The dark side of stock markets: greed grasps Infosys employees.

Who doesn’t like a quick buck? 

More often than not, people turn to stock markets in the hopes of making tremendous gains. 

Correction: Tremendous quick gains. 

While some people understand the intricacies of the game, others play with a hunch. Everything is fine, until you start cutting corners to do something illegal. Something that can cost you money, reputation and could even land you in jail.

Yes. Doing illegal stuff in the stock markets is a serious crime with serious consequences. Recently, two employees at Infosys have been charged with committing such an offence. They have been accused of Insider Trading.

Now, before we go any further…

What is Insider Trading, and why is it considered an offence?

So, the “insiders” of a company - directors, senior employees, etc. know a great deal about the company. They are made privy to a lot of “price sensitive information”- like the amount of profit the company is going to report, etc.

Using this information, the “insiders” can “trade” (buy/sell) the company’s shares in the stock market. Since the general public has not been made aware of this information yet, it is seen as an unfair advantage for the insiders.

And so, our market regulator, SEBI, in order to protect innocent investors, penalizes such acts. The penalty for such an offence can go as high as Rs. 25 crores or 3 times the profits that were made using Insider trading. And it doesn’t end here. If one fails to comply, they could be facing a jail term of upto 10 years.

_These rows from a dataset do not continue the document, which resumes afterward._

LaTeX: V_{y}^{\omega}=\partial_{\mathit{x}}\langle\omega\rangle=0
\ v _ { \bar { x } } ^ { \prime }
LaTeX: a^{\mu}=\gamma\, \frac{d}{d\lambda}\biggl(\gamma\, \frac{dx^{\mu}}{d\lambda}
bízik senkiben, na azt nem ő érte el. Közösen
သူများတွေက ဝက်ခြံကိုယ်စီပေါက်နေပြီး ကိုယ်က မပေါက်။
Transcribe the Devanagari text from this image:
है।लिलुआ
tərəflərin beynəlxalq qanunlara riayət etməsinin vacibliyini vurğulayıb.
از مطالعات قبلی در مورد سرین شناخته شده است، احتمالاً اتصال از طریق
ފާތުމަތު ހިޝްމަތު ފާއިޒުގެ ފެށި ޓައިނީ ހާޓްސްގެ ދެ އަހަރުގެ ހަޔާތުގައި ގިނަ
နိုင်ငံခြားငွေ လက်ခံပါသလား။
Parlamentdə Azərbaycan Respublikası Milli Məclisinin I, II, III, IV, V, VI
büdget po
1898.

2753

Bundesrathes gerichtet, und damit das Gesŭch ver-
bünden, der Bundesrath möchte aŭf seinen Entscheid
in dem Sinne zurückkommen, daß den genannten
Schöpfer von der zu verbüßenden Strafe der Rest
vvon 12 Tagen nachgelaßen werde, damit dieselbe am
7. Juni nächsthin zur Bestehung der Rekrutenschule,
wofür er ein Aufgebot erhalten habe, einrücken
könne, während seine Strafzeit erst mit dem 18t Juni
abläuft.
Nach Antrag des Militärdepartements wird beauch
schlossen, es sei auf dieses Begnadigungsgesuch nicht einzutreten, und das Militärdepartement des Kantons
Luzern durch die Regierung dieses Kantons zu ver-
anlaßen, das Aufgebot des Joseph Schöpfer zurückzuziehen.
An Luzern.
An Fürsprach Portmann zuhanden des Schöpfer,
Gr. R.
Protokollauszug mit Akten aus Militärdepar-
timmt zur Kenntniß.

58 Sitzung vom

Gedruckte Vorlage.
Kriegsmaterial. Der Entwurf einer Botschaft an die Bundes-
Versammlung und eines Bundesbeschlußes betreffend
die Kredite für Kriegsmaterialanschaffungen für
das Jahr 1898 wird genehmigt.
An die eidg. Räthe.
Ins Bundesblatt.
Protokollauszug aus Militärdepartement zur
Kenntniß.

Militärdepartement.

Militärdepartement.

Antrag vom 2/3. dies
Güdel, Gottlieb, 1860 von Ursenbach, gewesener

So the question really is, did the employees of Infosys not know all this?

Well, the chances of them not knowing are very less. Because, you see, companies are required to have a code of conduct and internal control in place, that deters employees from getting into such acts.

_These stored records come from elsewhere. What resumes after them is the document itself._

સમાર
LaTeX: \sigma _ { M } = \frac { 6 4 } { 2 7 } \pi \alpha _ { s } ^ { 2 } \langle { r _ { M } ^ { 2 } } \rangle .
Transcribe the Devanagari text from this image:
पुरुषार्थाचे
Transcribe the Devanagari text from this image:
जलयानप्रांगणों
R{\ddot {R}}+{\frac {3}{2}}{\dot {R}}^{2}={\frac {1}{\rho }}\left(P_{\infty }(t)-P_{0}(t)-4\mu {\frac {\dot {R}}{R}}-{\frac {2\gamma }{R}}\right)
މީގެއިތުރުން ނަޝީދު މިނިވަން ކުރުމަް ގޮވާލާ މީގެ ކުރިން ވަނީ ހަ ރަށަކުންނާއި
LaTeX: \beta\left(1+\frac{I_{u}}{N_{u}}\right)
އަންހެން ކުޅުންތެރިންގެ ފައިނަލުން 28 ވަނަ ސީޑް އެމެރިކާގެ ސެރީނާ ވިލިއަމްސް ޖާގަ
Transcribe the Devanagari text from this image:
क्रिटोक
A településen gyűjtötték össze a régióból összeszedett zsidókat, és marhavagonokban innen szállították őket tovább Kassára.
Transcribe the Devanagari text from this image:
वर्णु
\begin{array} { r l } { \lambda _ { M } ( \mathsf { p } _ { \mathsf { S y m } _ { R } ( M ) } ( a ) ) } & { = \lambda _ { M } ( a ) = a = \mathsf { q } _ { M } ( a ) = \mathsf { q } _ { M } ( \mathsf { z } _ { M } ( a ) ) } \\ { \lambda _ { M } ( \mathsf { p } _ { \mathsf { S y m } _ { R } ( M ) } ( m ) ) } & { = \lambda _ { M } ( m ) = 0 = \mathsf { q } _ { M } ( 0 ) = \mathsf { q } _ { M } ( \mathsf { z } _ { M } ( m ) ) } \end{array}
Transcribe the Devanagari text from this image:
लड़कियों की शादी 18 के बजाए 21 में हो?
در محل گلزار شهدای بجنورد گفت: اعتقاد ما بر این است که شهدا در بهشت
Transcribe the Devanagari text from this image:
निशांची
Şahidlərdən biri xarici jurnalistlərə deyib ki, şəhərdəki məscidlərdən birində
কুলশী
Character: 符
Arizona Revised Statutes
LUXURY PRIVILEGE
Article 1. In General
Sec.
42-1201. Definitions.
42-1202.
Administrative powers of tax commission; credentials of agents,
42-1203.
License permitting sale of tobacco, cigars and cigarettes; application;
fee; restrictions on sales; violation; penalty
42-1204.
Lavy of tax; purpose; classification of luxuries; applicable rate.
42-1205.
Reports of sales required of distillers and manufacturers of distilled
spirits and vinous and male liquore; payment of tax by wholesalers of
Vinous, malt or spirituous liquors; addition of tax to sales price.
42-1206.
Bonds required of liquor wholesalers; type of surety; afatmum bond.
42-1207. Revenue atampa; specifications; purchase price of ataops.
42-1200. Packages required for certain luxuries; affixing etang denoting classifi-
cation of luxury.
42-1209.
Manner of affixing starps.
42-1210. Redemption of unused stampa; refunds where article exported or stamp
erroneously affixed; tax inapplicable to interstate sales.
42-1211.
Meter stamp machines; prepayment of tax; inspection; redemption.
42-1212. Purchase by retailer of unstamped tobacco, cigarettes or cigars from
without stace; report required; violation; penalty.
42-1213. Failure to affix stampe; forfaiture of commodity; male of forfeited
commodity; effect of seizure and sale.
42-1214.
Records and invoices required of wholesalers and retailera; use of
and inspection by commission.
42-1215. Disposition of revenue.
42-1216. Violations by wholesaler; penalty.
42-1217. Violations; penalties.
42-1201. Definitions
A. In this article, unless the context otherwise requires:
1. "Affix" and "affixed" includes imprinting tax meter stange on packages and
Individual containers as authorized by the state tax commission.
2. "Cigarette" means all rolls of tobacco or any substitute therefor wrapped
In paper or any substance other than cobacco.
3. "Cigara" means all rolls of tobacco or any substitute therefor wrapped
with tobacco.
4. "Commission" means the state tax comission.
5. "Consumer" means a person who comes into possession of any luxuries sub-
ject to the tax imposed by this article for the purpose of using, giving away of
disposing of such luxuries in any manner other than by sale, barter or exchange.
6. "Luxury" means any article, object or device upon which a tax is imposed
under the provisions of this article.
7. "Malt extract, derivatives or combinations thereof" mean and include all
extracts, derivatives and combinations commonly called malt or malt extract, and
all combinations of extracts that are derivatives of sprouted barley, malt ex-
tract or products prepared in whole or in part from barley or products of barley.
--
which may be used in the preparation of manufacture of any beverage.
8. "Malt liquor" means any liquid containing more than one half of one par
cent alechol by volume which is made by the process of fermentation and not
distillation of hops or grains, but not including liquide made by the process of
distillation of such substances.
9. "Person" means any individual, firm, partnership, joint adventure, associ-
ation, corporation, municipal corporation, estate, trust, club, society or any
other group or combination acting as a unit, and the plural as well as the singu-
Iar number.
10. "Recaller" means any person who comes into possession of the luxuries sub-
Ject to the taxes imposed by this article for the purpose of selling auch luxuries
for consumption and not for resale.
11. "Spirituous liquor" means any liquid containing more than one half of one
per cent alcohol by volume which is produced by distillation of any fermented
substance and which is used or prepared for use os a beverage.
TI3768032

Then why did they resort to this? (assuming the SEBI’s charges are correct)

Well, the accused employee, Pranshu Bhutra, was obviously not expecting to get caught. He did not just go and buy the shares from his demat account. But, he surely underestimated SEBI’s powers. 

SEBI has constructed an elaborate web of how he must have masterminded the trade:

Yes. He was not alone. The money changed several hands. It went from Pranshu Bhutra to a related company. From that company, it went to Amit Bhutra’s mother who then sent the money to Amit Bhutra, who then transferred it to his partnership firms. 

Looks like the money literally travelled the whole world. All in an effort to make it difficult for anyone to trace it back to Pranshu Bhutra through the multiple layers that he laid down. All efforts gone in vain!

And, there was one more employee at Infosys, Mr. Venkata Subramaniam, who had the “information”. 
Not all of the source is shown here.